Bad Neustadt a. d. Saale | 7. Mai 2020

RHÖN-KLINIKUM AG: Erstes Quartal 2020 durch Sondereffekte negativ beeinflusst

  • Zahl der Patienten lag im ersten Quartal bei 211.788, Rückgang um 3,3 Prozent im Vergleich zum Vorjahreszeitraum bedingt durch rückläufige medizinische Elektivleistungen aufgrund der COVID-19-Pandemie
     
  • Umsatz stieg dennoch um 2,6 Prozent auf 332,6 Mio. Euro; EBITDA fiel jedoch auf 13,9 Mio. Euro nach 28,7 Mio. Euro im Vergleichsquartal; Rückgang des Konzernergebnisses auf - 4,4 Mio. Euro nach 8,9 Mio. Euro im ersten Quartal 2019; Belastungen u. a. durch Aufwendungen aus dem Übernahmeangebot, negative Effekte aus der COVID-19-Pandemie und der Pflegeregulierung sowie positive Einmaleffekte aus dem Vorjahreszeitraum
     
  • Ausblick für 2020 steht unter Vorbehalt der Auswirkungen der COVID-19-Pandemie: Umsatz in Höhe von 1,4 Mrd. Euro +/- 5 Prozent; EBITDA in einer Spanne von 72,5 Mio. Euro bis 82,5 Mio. Euro
 

Die RHÖN-KLINIKUM AG hat im ersten Quartal des laufenden Geschäftsjahres an ihren fünf Standorten der Maximal- und Schwerpunktversorgung große Anstrengungen für die Bewältigung der medizinischen wie auch wirtschaftlichen Herausforderungen der COVID-19-Pandemie unternommen. Stephan Holzinger, Vorstandsvorsitzender der RHÖN-KLINIKUM AG, sagte: "Die COVID-19-Pandemie hat gezeigt, dass wir ein verlässlicher Partner für Bund, Länder und Kommunen sind. An unseren Standorten verfügen wir über herausragende Experten für eine qualitativ hochwertige medizinische Versorgung unserer Patientinnen und Patienten auch in Krisenzeiten. Wir haben frühzeitig umfangreiche Maßnahmen eingeleitet, um bestmöglich eine rasch steigende Anzahl von COVID-19-Patienten behandeln zu können. Dort, wo es planbar und medizinisch vertretbar war, wurden Operationen verschoben, um Intensivbetten für COVID-19-Patienten freihalten zu können. Dass uns die Versorgung aller Patienten in dieser Ausnahmesituation bislang gut gelungen ist, verdanken wir dem bemerkenswerten Einsatz unserer Mitarbeiterinnen und Mitarbeiter. Wir werden uns auch weiterhin sehr engagiert für den Kampf gegen die Pandemie einsetzen."
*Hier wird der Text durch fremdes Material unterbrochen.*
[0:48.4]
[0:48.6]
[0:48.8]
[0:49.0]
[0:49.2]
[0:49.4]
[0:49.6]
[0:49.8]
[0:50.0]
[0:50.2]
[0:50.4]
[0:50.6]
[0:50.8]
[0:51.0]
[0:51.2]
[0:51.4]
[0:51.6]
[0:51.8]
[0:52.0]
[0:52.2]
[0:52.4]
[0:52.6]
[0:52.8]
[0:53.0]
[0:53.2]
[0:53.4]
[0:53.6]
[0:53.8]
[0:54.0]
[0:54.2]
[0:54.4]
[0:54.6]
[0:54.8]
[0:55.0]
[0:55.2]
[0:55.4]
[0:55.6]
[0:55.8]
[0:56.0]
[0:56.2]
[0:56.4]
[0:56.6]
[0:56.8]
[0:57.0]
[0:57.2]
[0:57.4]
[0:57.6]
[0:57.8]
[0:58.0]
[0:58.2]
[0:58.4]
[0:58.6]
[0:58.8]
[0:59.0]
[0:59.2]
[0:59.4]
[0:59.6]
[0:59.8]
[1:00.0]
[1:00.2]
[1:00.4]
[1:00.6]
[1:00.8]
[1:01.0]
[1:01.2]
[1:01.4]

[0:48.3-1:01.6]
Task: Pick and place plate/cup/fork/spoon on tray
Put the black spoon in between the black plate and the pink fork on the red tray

Erstes Quartal 2020 von Sondereffekten geprägt

In den ersten drei Monaten des Geschäftsjahres 2020 hat die RHÖN-KLINIKUM AG ihren Umsatz im Vergleich zum Vorjahreszeitraum um 2,6 Prozent auf 332,6 Mio. Euro gesteigert. Das EBITDA lag in einem durch eine zunehmende gesetzliche Regulierung bestimmten schwierigen Marktumfeld mit 13,9 Mio. Euro deutlich unter Vorjahresniveau. Die EBITDA-Marge betrug 4,2 Prozent, nach 8,9 Prozent im Vorjahreszeitraum. Unter Berücksichtigung von Abschreibungen und Finanzierungskosten resultierte aus dem EBITDA ein Konzernergebnis von - 4,4 Mio. Euro nach 8,9 Mio. Euro im Jahr zuvor.
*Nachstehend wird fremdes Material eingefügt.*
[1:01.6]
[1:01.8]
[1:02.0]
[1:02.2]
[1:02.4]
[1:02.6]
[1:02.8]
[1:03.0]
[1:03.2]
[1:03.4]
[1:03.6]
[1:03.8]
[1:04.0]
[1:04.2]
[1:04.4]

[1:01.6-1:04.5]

Die Zahlen des ersten Quartals 2020 sind durch einmalige Sondereffekte, wie bisherige Aufwendungen in Höhe von 5,4 Mio. Euro im Zusammenhang mit dem Asklepios-Übernahmeangebot, der ab dem Geschäftsjahr 2020 geltenden Pflegeregulierung und den bisher überwiegend negativen finanziellen Effekten der COVID-19-Pandemie nur bedingt mit dem Vorjahreszeitraum vergleichbar. Im Vorjahreszeitraum waren zudem einmalige positive Effekte aus der Einigung über die Vergütung der Hochschulambulanzen in Höhe von 6,2 Mio. Euro im Zahlenwerk enthalten.
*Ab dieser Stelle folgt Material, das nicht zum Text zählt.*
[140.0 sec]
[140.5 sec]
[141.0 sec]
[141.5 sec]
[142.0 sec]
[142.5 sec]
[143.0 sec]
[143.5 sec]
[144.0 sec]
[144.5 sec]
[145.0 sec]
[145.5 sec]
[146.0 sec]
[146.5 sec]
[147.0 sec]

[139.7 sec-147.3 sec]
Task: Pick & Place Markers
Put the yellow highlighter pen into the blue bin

Die RHÖN-KLINIKUM AG hat einen spürbaren Ergebnisrückgang im ersten Quartal durch die exzessive Pflegeregulierung - wie viele in der Branche - erwartet. Hinzu kommen hohe Belastungen für Beratungsaufwendungen aus dem Asklepios-Übernahmeangebot und die bisher gerade für uns als Betreiber zweier großer Universitätsklinika derzeit unzureichenden Kompensationen aus der COVID-19-Pandemie. Angesichts der aktuellen Entwicklung der Corona-Pandemie und der Anzahl der an unseren Standorten behandelten COVID-19-Patienten werden wir ab Mitte Mai erste Schritte für einen Wiedereinstieg in die Regelversorgung unternehmen.

Verbesserungsmaßnahmen werden weiter umgesetzt

Im Berichtszeitraum hat die RHÖN-KLINIKUM AG weiterhin an einer Steigerung der Effizienz des OP-, Betten-, Verweildauer- und Entlassmanagements gearbeitet. Gleichzeitig setzen wir alles daran, unsere Patientinnen und Patienten weiter bestmöglich zu versorgen. Das Wohl der Patienten hat bei uns stets die höchste Priorität. Aufgrund der großen Anstrengungen zur Bewältigung der Corona-Pandemie wurde das Verbesserungsprogramm daher nicht mit der beabsichtigten Intensität in Angriff genommen. Im Fokus der Initiativen zur Effizienzsteigerung steht weiterhin die Optimierung der Verwaltungsstrukturen an den Standorten und in der Zentrale. Beide Ansätze sollen den hohen finanziellen Belastungen u. a. aus der Pflegeregulierung entgegenwirken.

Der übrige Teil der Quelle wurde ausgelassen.